Material for this exercise:

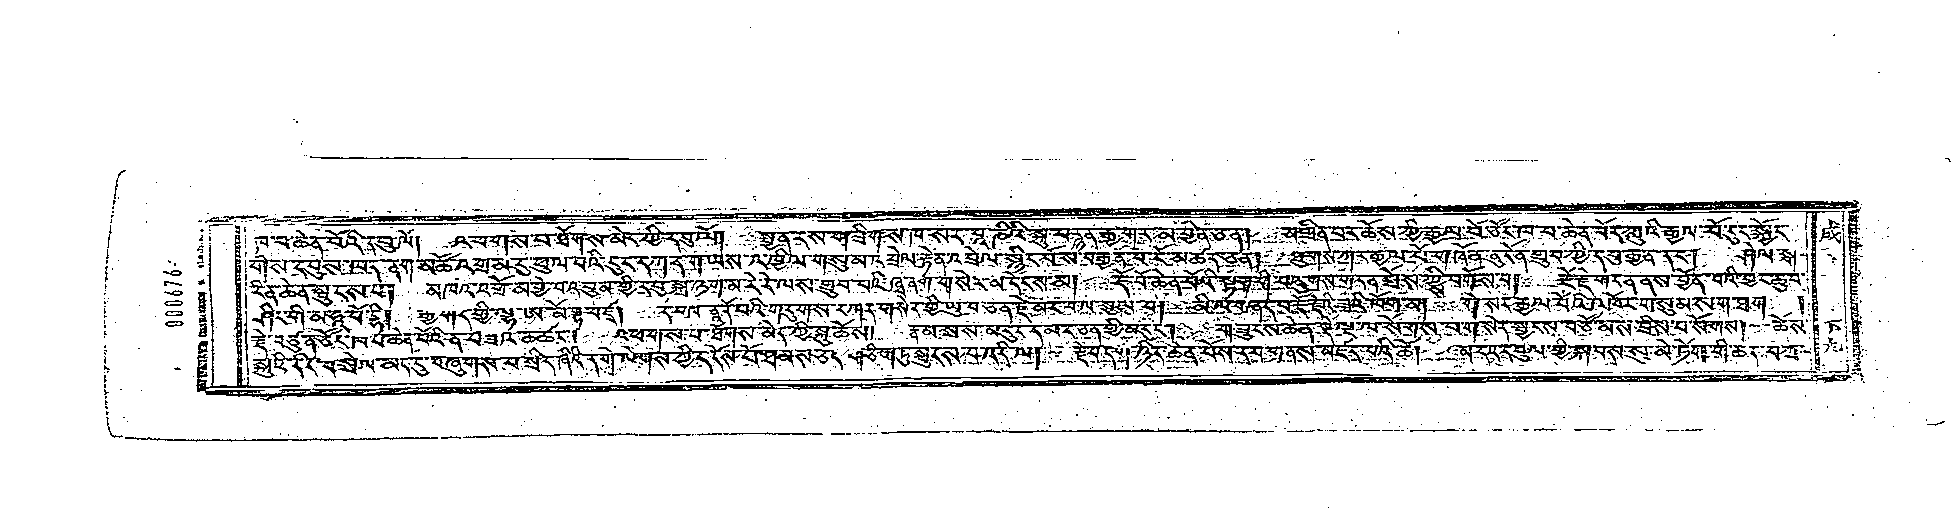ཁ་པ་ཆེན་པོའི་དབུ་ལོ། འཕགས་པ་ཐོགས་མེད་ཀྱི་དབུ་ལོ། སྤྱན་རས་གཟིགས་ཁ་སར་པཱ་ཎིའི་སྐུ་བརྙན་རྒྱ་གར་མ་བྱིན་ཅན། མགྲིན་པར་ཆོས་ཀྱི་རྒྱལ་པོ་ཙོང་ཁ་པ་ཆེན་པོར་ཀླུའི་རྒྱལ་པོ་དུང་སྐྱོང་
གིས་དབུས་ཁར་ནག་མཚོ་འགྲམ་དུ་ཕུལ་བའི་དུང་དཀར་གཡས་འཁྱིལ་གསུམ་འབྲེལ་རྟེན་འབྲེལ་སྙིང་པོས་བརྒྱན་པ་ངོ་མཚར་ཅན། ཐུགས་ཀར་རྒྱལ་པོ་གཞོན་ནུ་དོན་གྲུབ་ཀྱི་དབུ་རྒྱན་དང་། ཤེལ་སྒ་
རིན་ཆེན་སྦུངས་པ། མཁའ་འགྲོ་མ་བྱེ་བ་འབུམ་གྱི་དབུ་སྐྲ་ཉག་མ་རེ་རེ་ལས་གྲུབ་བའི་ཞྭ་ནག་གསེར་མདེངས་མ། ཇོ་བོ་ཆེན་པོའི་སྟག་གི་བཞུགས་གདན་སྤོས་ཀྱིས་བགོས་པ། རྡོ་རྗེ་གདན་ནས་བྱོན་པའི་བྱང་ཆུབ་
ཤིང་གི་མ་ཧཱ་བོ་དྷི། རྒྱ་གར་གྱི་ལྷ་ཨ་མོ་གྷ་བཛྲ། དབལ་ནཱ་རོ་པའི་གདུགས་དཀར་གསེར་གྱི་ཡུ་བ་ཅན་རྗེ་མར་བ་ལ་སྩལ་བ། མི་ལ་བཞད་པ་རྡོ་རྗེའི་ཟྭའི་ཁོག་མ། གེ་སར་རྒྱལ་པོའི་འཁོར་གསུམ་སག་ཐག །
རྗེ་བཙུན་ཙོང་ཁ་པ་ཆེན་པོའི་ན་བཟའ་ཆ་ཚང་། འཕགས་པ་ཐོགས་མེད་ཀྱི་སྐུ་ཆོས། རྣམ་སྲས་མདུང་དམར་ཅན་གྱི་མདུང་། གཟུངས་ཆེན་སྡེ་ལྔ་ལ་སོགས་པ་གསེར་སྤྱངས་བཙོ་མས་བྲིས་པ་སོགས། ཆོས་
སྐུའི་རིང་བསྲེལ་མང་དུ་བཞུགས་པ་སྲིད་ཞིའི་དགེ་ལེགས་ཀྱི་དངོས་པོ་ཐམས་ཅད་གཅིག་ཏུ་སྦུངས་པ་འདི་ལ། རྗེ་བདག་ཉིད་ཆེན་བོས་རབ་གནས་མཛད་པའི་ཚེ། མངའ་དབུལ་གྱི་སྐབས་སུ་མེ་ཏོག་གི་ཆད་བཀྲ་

What you should do:
A word-for-word copy of every entry, with the pictures left out, is the required answer.

Exercise output:
ཁ་པ་ཆེན་པོའི་དབུ་ལོ། འཕགས་པ་ཐོགས་མེད་ཀྱི་དབུ་ལོ། སྤྱན་རས་གཟིགས་ཁ་སར་པཱ་ཎིའི་སྐུ་བརྙན་རྒྱ་གར་མ་བྱིན་ཅན། མགྲིན་པར་ཆོས་ཀྱི་རྒྱལ་པོ་ཙོང་ཁ་པ་ཆེན་པོར་ཀླུའི་རྒྱལ་པོ་དུང་སྐྱོང་
གིས་དབུས་ཁར་ནག་མཚོ་འགྲམ་དུ་ཕུལ་བའི་དུང་དཀར་གཡས་འཁྱིལ་གསུམ་འབྲེལ་རྟེན་འབྲེལ་སྙིང་པོས་བརྒྱན་པ་ངོ་མཚར་ཅན། ཐུགས་ཀར་རྒྱལ་པོ་གཞོན་ནུ་དོན་གྲུབ་ཀྱི་དབུ་རྒྱན་དང་། ཤེལ་སྒ་
རིན་ཆེན་སྦུངས་པ། མཁའ་འགྲོ་མ་བྱེ་བ་འབུམ་གྱི་དབུ་སྐྲ་ཉག་མ་རེ་རེ་ལས་གྲུབ་བའི་ཞྭ་ནག་གསེར་མདེངས་མ། ཇོ་བོ་ཆེན་པོའི་སྟག་གི་བཞུགས་གདན་སྤོས་ཀྱིས་བགོས་པ། རྡོ་རྗེ་གདན་ནས་བྱོན་པའི་བྱང་ཆུབ་
ཤིང་གི་མ་ཧཱ་བོ་དྷི། རྒྱ་གར་གྱི་ལྷ་ཨ་མོ་གྷ་བཛྲ། དབལ་ནཱ་རོ་པའི་གདུགས་དཀར་གསེར་གྱི་ཡུ་བ་ཅན་རྗེ་མར་བ་ལ་སྩལ་བ། མི་ལ་བཞད་པ་རྡོ་རྗེའི་ཟྭའི་ཁོག་མ། གེ་སར་རྒྱལ་པོའི་འཁོར་གསུམ་སག་ཐག །
རྗེ་བཙུན་ཙོང་ཁ་པ་ཆེན་པོའི་ན་བཟའ་ཆ་ཚང་། འཕགས་པ་ཐོགས་མེད་ཀྱི་སྐུ་ཆོས། རྣམ་སྲས་མདུང་དམར་ཅན་གྱི་མདུང་། གཟུངས་ཆེན་སྡེ་ལྔ་ལ་སོགས་པ་གསེར་སྤྱངས་བཙོ་མས་བྲིས་པ་སོགས། ཆོས་
སྐུའི་རིང་བསྲེལ་མང་དུ་བཞུགས་པ་སྲིད་ཞིའི་དགེ་ལེགས་ཀྱི་དངོས་པོ་ཐམས་ཅད་གཅིག་ཏུ་སྦུངས་པ་འདི་ལ། རྗེ་བདག་ཉིད་ཆེན་བོས་རབ་གནས་མཛད་པའི་ཚེ། མངའ་དབུལ་གྱི་སྐབས་སུ་མེ་ཏོག་གི་ཆད་བཀྲ་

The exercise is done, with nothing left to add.